If I were to get a revolver to get one it would most likely be the 6" chiappa rhino. I like it because it is different and i think the shooting from the bottom cylinder is a swell idea


----------



## 45Sidekick (Oct 18, 2011)

TedDeBearFrmHell said:


> as for a revolver.... since its not going to be a carry piece most likely, a nice 4-6in heavy barreled .357mag is always a nice addition


welcome from alabama, you have some nice guns for your first 3. i must agree with the ted once again, 357s are awesome fun. i have a ruger blackhawk 357 w/ 6 1/2" barrel, needless to say, shes my baby. i also have a ruger gp100 357 with a 4" barrel and she is a real nice gun, and a really sweet trigger pull from the box. just my 2 cents..


----------



## TedDeBearFrmHell (Jul 1, 2011)

i have a 4in S&W 586-1 that is my lil brothers old duty gun..... cant be beat, imho


----------



## 45Sidekick (Oct 18, 2011)

oh yeah those smiths are great guns


----------



## VAMarine (Dec 25, 2008)

I'd get a good .22, revolver or auto. Everybody should have at least one .22.


----------



## chessail77 (Mar 15, 2011)

S&W 4-6" barrel .357....JJ


----------



## FNISHR (Aug 9, 2011)

I agree with VA Marine. A .22 can really help build trigger time at a low cost.


----------



## jdw68 (Nov 5, 2011)

I have a smith 686 plus (which as you prob know means it's a 7 shot) I really love that gun. My brother has the 686 6 shot and it's really nice also. Smiths have great triggers right out of the box. Another revolver that is a really great gun is the Ruger GP100. It doesn't have as good of a factory trigger (IMO), but it is perhaps the strongest built 357 revolver. The 686 and the GP100 are both extremely popular 357 magums that would make a great addition to any collection.


----------



## tony pasley (May 6, 2006)

Were it me a good .22 would be next you can shoot 500 round for about the same as you pay for 50 rounds of centerfire rounds. They can also be great for squirel hunting or just fun shooting.


----------



## OneShotDrop (Nov 20, 2011)

.357 sounds great, but I also like the idea of a .22 to be able to shoot more for less. Any suggestions on a good .22. I think the .357 would be a S&W for sure.


----------



## DanP_from_AZ (May 8, 2009)

OneShotDrop said:


> .357 sounds great, but I also like the idea of a .22 to be able to shoot more for less. Any suggestions on a good .22. I think the .357 would be a S&W for sure.

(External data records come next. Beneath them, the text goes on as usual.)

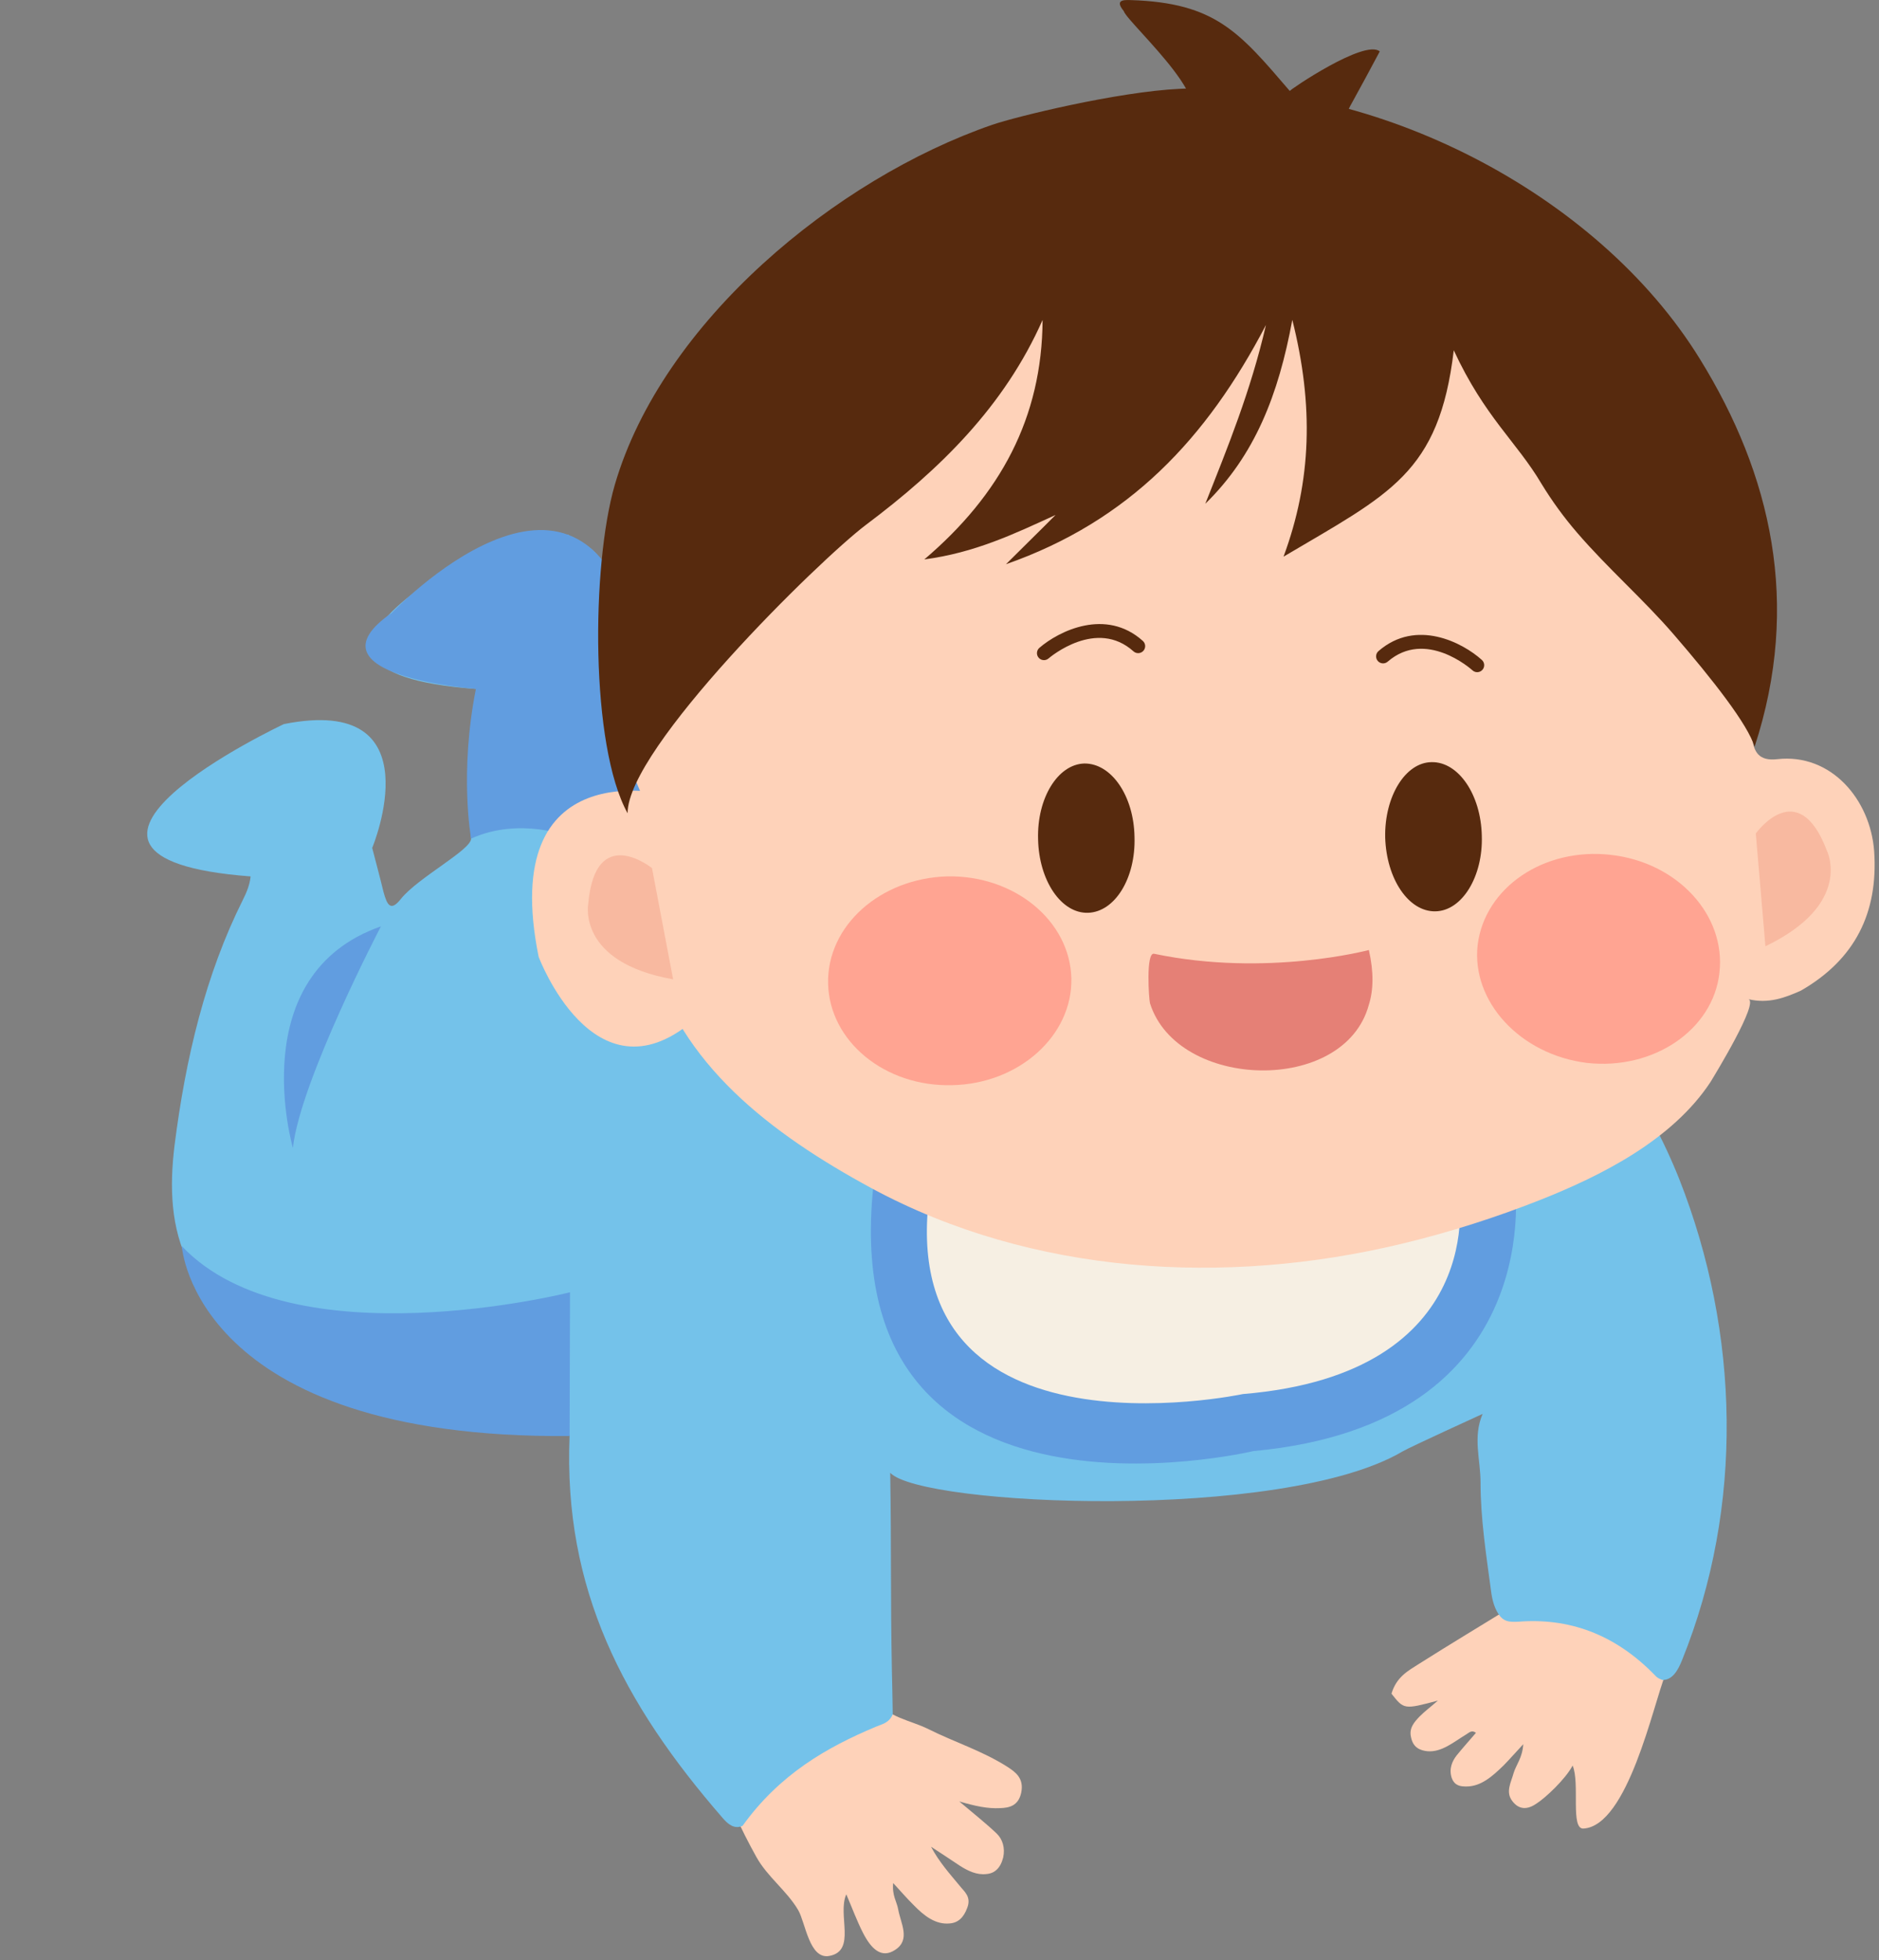 <?xml version="1.0" encoding="UTF-8"?>
<!DOCTYPE svg PUBLIC '-//W3C//DTD SVG 1.0//EN'
          'http://www.w3.org/TR/2001/REC-SVG-20010904/DTD/svg10.dtd'>
<svg height="179.7" preserveAspectRatio="xMidYMid meet" version="1.0" viewBox="-12.7 0.9 172.3 179.7" width="172.3" xmlns="http://www.w3.org/2000/svg" xmlns:xlink="http://www.w3.org/1999/xlink" zoomAndPan="magnify"
><rect x="-12.7" y="0.9" width="172.3" height="179.7" fill="#808080" stroke="none"/><g
  ><g
    ><g
      ><g
        ><g
          ><g clip-rule="evenodd" fill-rule="evenodd"
            ><g fill="#FED2B9" id="change1_3"
              ><path d="M126.055,148.106c-2.876,1.773-5.792,3.518-8.668,5.341 c-0.959,0.613-2.033,1.17-2.492,2.714c1.15,1.457,1.15,1.457,4.257,0.633c-0.69,0.604-1.228,0.998-1.688,1.467 c-0.46,0.489-0.997,1.055-0.767,1.928c0.192,0.93,0.843,1.18,1.497,1.247c1.304,0.115,2.416-0.854,3.527-1.524 c0.27-0.144,0.5-0.471,0.922-0.164c-0.614,0.719-1.189,1.352-1.765,2.063c-0.423,0.536-0.729,1.246-0.459,2.071 c0.268,0.729,0.804,0.786,1.342,0.786c1.342,0,2.376-0.92,3.413-1.928c0.535-0.546,1.074-1.16,1.804-1.946 c-0.077,1.256-0.651,1.87-0.884,2.647c-0.23,0.843-0.768,1.735-0.114,2.57c0.653,0.864,1.46,0.739,2.187,0.24 c0.846-0.528,2.686-2.264,3.339-3.5c0.69,1.63-0.231,5.85,0.997,5.774c4.065-0.25,6.404-11.383,7.479-14.03 c0.153-0.374,0.075-0.787-0.079-1.132C135.954,148.384,131.272,146.859,126.055,148.106z"
                /><path d="M67.321,156.534c-4.757,0.988-8.957,3.817-12.812,7.672 c-0.575,0.585-1.055-2.196-1.323-1.228c0.709,2.791,2.071,5.629,3.471,8.152c1.017,1.831,2.78,3.078,3.836,4.871 c0.671,1.151,1.017,4.555,2.858,4.2c2.512-0.469,0.71-3.788,1.553-5.647c0.518,1.208,0.978,2.455,1.553,3.577 c0.71,1.362,1.649,2.387,2.954,1.496c1.4-0.931,0.479-2.417,0.25-3.693c-0.115-0.699-0.575-1.256-0.46-2.416 c0.69,0.747,1.265,1.42,1.879,2.023c0.959,0.988,2.014,1.813,3.318,1.679c0.749-0.058,1.266-0.527,1.592-1.419 c0.403-1.026-0.269-1.496-0.691-2.033c-0.92-1.112-1.86-2.146-2.627-3.578c0.882,0.567,1.765,1.161,2.647,1.746 c0.767,0.489,1.573,0.864,2.437,0.758c0.748-0.058,1.286-0.537,1.534-1.516c0.192-0.882-0.057-1.677-0.595-2.195 c-0.978-0.931-2.013-1.745-3.432-2.945c1.515,0.443,2.608,0.671,3.74,0.615c0.843-0.029,1.668-0.202,1.937-1.401 c0.288-1.362-0.556-1.917-1.247-2.377c-2.34-1.487-4.833-2.254-7.23-3.452C70.734,158.558,68.759,158.404,67.321,156.534z"
              /></g
              ><g id="change2_1"
              ><path d="M13.333,67.277c13.962-2.781,8.112,11.315,8.112,11.315 l-0.019,0.019c0.345,1.333,0.709,2.685,1.036,4.037c0.344,1.266,0.671,1.832,1.61,0.643c1.554-1.937,6.445-4.488,6.426-5.515 c-0.192-4.813,0.537-9.407,1.438-13.961l-0.998,0.239c-23.033-1.717,3.031-13.972,3.031-13.972 c2.09-0.412,3.624-0.365,4.909-0.115c0.153,0,0.288-0.077,0.441-0.059c0.23,0.039,0.365,0.278,0.557,0.384 c2.377,0.855,3.279,2.762,3.375,4.872c1.055,2.35,2.474,4.124,4.277,5.457c1.419,1.064,2.838,2.243,3.951,3.932 c0.911,0.115,1.362,1.169,2.033,1.754c-0.614,5.716,0.191,10.961,2.608,15.717c2.09,4.151,5.657,6.654,8.189,5.083 c1.841-1.151,2.301-0.221,2.685,1.859c0.135,0.807,0.384,1.593,0.595,2.37c1.765,6.607,4.354,12.457,8.208,17.213 c8.458,10.481,18.968,5.141,29.737,3.932c7.518-0.814,13.732,1.927,20.137-3.068c3.49-2.714,6.905-5.581,9.437-10.049 c0.078-0.46,0.269-0.71,0.612-0.546c2.226,3.01,4.065,6.425,5.563,10.164c5.561,14.116,5.944,30.006,0.267,44.083 c-0.383,0.96-0.882,1.841-1.8,1.841c-0.232-0.086-0.461-0.172-0.654-0.393c-3.759-3.883-8.017-5.321-12.619-4.947 c-0.574,0.009-1.111,0.056-1.571-0.443c-0.538-0.632-0.77-1.494-0.884-2.405c-0.441-3.3-0.959-6.588-0.959-9.946 c0-2.061-0.729-4.131,0.192-6.26c0,0-6.635,3.03-7.326,3.432c-10.96,6.493-44.159,5.026-46.998,1.967 c0.115,7.221,0.019,11.047,0.154,18.143c0.038,1.352,0.057,2.685,0.077,4.008c-0.364,0.815-0.979,0.882-1.554,1.132 c-4.526,1.898-8.823,4.363-12.217,9.081c-0.748,0.336-1.343-0.143-1.841-0.738c-9.109-10.481-14.596-20.971-14.021-34.992 c-0.651-2.148-1.86-2.906-3.528-2.677c-0.652,0.096-6.041-0.162-8.515-0.786c-1.036-0.077-2.09,0.019-3.127-0.22 c-5.695-1.246-11.295-2.915-16.321-7.086c-1.495-1.238-2.8-2.628-3.395-4.977c-1.687-3.319-1.802-7.068-1.342-10.855 c1.017-8.074,2.858-15.735,6.271-22.554c0.365-0.719,0.633-1.41,0.709-2.148C-12.712,79.503,13.333,67.277,13.333,67.277z" fill="#74C2EA"
              /></g
              ><g id="change3_1"
              ><path d="M22.23,85.822c0,0-7.383,14.115-8.073,20.301 C14.157,106.123,9.535,90.262,22.23,85.822z" fill="#619DE0"
              /></g
              ><g id="change3_2"
              ><path d="M39.53,132.542l0.039-13.177c0,0-25.469,6.444-35.596-4.228 C3.973,115.137,5.085,132.83,39.53,132.542z" fill="#619DE0"
              /></g
              ><g id="change3_3"
              ><path d="M39.569,77.604c0,0-4.583-1.861-9.071,0.171 c0,0-1.093-5.994,0.441-13.722c0,0-16.072-1.189-7.709-6.973c0,0,17.222-18.142,22.267,1.669l5.983,20.426L39.569,77.604z" fill="#619DE0"
              /></g
            ></g
            ><g id="change3_4"
            ><path clip-rule="evenodd" d="M126.172,108.884c0,0,3.528,22.498-23.946,25.039 c0,0-40.18,9.57-34.522-26.734l51.025-2.456l6.444,0.7L126.172,108.884z" fill="#619DE0" fill-rule="evenodd"
            /></g
            ><g id="change4_1"
            ><path clip-rule="evenodd" d="M121.069,110.17c0,0,2.916,16.647-19.801,18.525 c0,0-33.218,7.087-28.52-19.782l42.146-1.831l5.332,0.527L121.069,110.17z" fill="#F6EFE3" fill-rule="evenodd"
            /></g
            ><g
            ><g
              ><g
                ><g
                  ><g
                    ><g
                      ><g
                        ><g clip-rule="evenodd" fill-rule="evenodd"
                          ><g id="change1_2"
                            ><path d="M47.278,39.754 c7.461-16.014,26.947-26.716,44.265-28.058l17.175,1.151c14.537,3.068,31.183,15.323,37.207,29.266 c2.993,6.904,4.662,19.83,2.031,26.236c0.119,1.525,0.654,2.332,2.303,2.147c4.949-0.566,8.553,3.702,8.898,8.439 c0.383,5.639-1.762,9.924-6.711,12.773c-1.496,0.67-2.994,1.227-4.834,0.786c1.037,0.231-3.068,6.943-3.451,7.576 c-3.527,5.37-10.09,8.62-15.498,10.778c-4.103,1.63-8.476,3.031-12.849,4.075c-16.158,3.884-33.86,2.847-48.57-5.083 c-9.225-4.996-17.702-11.42-20.272-21.431c-1.573-5.994-0.173-12.87-0.365-13.627 C40.854,62.567,42.158,50.763,47.278,39.754z" fill="#FED2B9"
                            /></g
                            ><g id="change5_1"
                            ><path d="M122.795,87.539 c-0.575,5.188,3.915,10.04,10.011,10.797c6.137,0.691,11.586-3.049,12.162-8.255 c0.611-5.284-3.836-10.136-9.974-10.817C128.895,78.572,123.447,82.236,122.795,87.539z" fill="#FFA492"
                            /></g
                            ><g id="change5_2"
                            ><path d="M63.235,91.058c0.116,5.292,5.198,9.483,11.374,9.321 c6.137-0.125,11.047-4.545,10.933-9.8c-0.135-5.276-5.218-9.456-11.374-9.341 C68.011,81.412,63.12,85.773,63.235,91.058z" fill="#FFA492"
                            /></g
                            ><g id="change6_1"
                            ><path d="M114.319,77.671c0.115,3.806,2.147,6.817,4.602,6.771 c2.456-0.039,4.374-3.204,4.257-6.915c-0.076-3.788-2.147-6.809-4.601-6.76 C116.16,70.785,114.242,73.932,114.319,77.671z" fill="#572A0E"
                            /></g
                            ><g id="change6_2"
                            ><path d="M82.491,77.843c0.076,3.76,2.109,6.81,4.583,6.733 c2.456-0.078,4.373-3.165,4.258-6.943c-0.057-3.758-2.109-6.77-4.603-6.742C84.303,70.959,82.375,74.066,82.491,77.843 z" fill="#572A0E"
                            /></g
                          ></g
                        ></g
                        ><g id="change1_1"
                        ><path clip-rule="evenodd" d="M48.564,73.74c0,0-15.708-4.046-11.871,14.873 c0,0,5.043,13.473,14.076,5.937" fill="#FED2B9" fill-rule="evenodd"
                        /></g
                      ></g
                    ></g
                    ><g id="change6_4"
                    ><path d="M122.757,62.519c-0.154,0-0.307-0.054-0.43-0.165c-0.174-0.158-4.314-3.804-7.781-0.798 c-0.267,0.233-0.673,0.204-0.905-0.064c-0.232-0.269-0.203-0.673,0.064-0.907c3.465-3.001,7.717-0.78,9.481,0.815 c0.262,0.238,0.283,0.642,0.046,0.906C123.107,62.447,122.932,62.519,122.757,62.519z" fill="#572A0E"
                    /></g
                    ><g id="change6_5"
                    ><path d="M83.028,61.416c-0.181,0-0.36-0.075-0.487-0.223c-0.23-0.27-0.2-0.673,0.068-0.905 c1.799-1.551,6.1-3.677,9.488-0.633c0.264,0.237,0.285,0.642,0.048,0.907c-0.238,0.263-0.644,0.285-0.907,0.048 c-3.393-3.046-7.614,0.5-7.792,0.652C83.325,61.365,83.176,61.416,83.028,61.416z" fill="#572A0E"
                    /></g
                  ></g
                ></g
              ></g
            ></g
          ></g
          ><g id="change7_1"
          ><path clip-rule="evenodd" d="M47.087,80.481c0,0-5.197-4.2-5.848,3.28 c0,0-1.038,5.36,7.785,6.914" fill="#F8B9A0" fill-rule="evenodd"
          /></g
          ><g id="change7_2"
          ><path clip-rule="evenodd" d="M148.302,77.306c0,0,3.873-5.438,6.522,1.583 c0,0,2.455,4.872-5.639,8.755" fill="#F8B9A0" fill-rule="evenodd"
          /></g
        ></g
        ><g id="change8_1"
        ><path clip-rule="evenodd" d="M112.822,87.989c0,0-9.37,2.504-19.688,0.345 c-0.786-0.201-0.479,4.229-0.383,4.536c2.512,7.969,17.846,8.4,20.07,0.135C113.245,91.663,113.282,90.014,112.822,87.989z" fill="#E58076" fill-rule="evenodd"
        /></g
      ></g
      ><g
      ><g id="change6_6"
        ><path clip-rule="evenodd" d="M140.783,59.068c3.55,4.104,6.829,8.294,7.405,10.298 c4.296-13.118,1.515-24.999-5.006-35.547c-9.455-15.353-29.996-25.623-47.66-24.779c-5.753,0.268-15.094,2.561-17.233,3.299 c-14.315,4.938-30.244,18.046-34.608,32.986c-2.167,7.453-2.252,23.965,1.17,30.13c-0.047-5.926,17.549-23.196,21.874-26.456 c6.741-5.054,12.667-10.836,16.178-18.767c-0.049,8.957-3.864,16.014-10.845,21.951c4.641-0.615,8.247-2.34,12.034-4.076 c-1.333,1.352-2.695,2.665-4.546,4.516c11.288-3.951,18.403-11.517,23.84-21.931c-1.419,6.119-3.51,11.21-5.563,16.389 c4.546-4.44,6.714-10.002,7.979-16.859c1.976,7.863,1.765,14.768-0.806,21.709c9.706-5.752,14.27-7.604,15.611-18.919 c2.839,6.128,5.792,8.419,8.037,12.227c0.977,1.602,2.091,3.125,3.277,4.497C134.725,52.997,138.005,55.846,140.783,59.068z" fill="#572A0E" fill-rule="evenodd"
        /></g
      ></g
    ></g
    ><g id="change6_3"
    ><path clip-rule="evenodd" d="M112.822,13.479c-2.263-0.537-2.609-1.333-1.534-3.183 c0.883-1.592,1.707-3.136,2.532-4.68c-1.362-1.169-8.305,3.549-8.248,3.625c-4.621-5.379-6.807-8.093-14.604-8.333 c-0.738-0.029-1.419,0.028-0.623,1.006c0.316,1.113,10.415,9.915,4.468,10.357" fill="#572A0E" fill-rule="evenodd"
    /></g
  ></g
></svg
>

If you're interested in .22LR semi-autos, I love my new Browning Buck Mark. My first .22LR. 
Take a look here, especially the sticky thread at the top.
Browning - RimfireCentral.com Forums

Here's mine. About two months old. I ordered it through Davidson's Gun Genie, picked up by my favorite local gun store. This is of their "Plus" (deluxe) models. 
I've added a Browning rail to take a Truglo red/green multi-recticle sight. For about $85 total.









Or, there is always the Ruger "Marks". Now on Mark III. Always had a good rep, for a bit less money. :smt1099


----------



## nonnymouse (Nov 30, 2011)

I just loved my Ruger Mark II. You cannot go wrong there. For carry, a very experienced gentleman in my town advised me that in a 'situation' the revolver will always operate with no fuss every time. That is what my hand will go for first( I still carry my .380)....................................Mouse


----------



## denner (Jun 3, 2011)

My vote goes for a S&W 637 Snubbie. I think everyone should have one, a true detectives classic. "Book'em Danno."


----------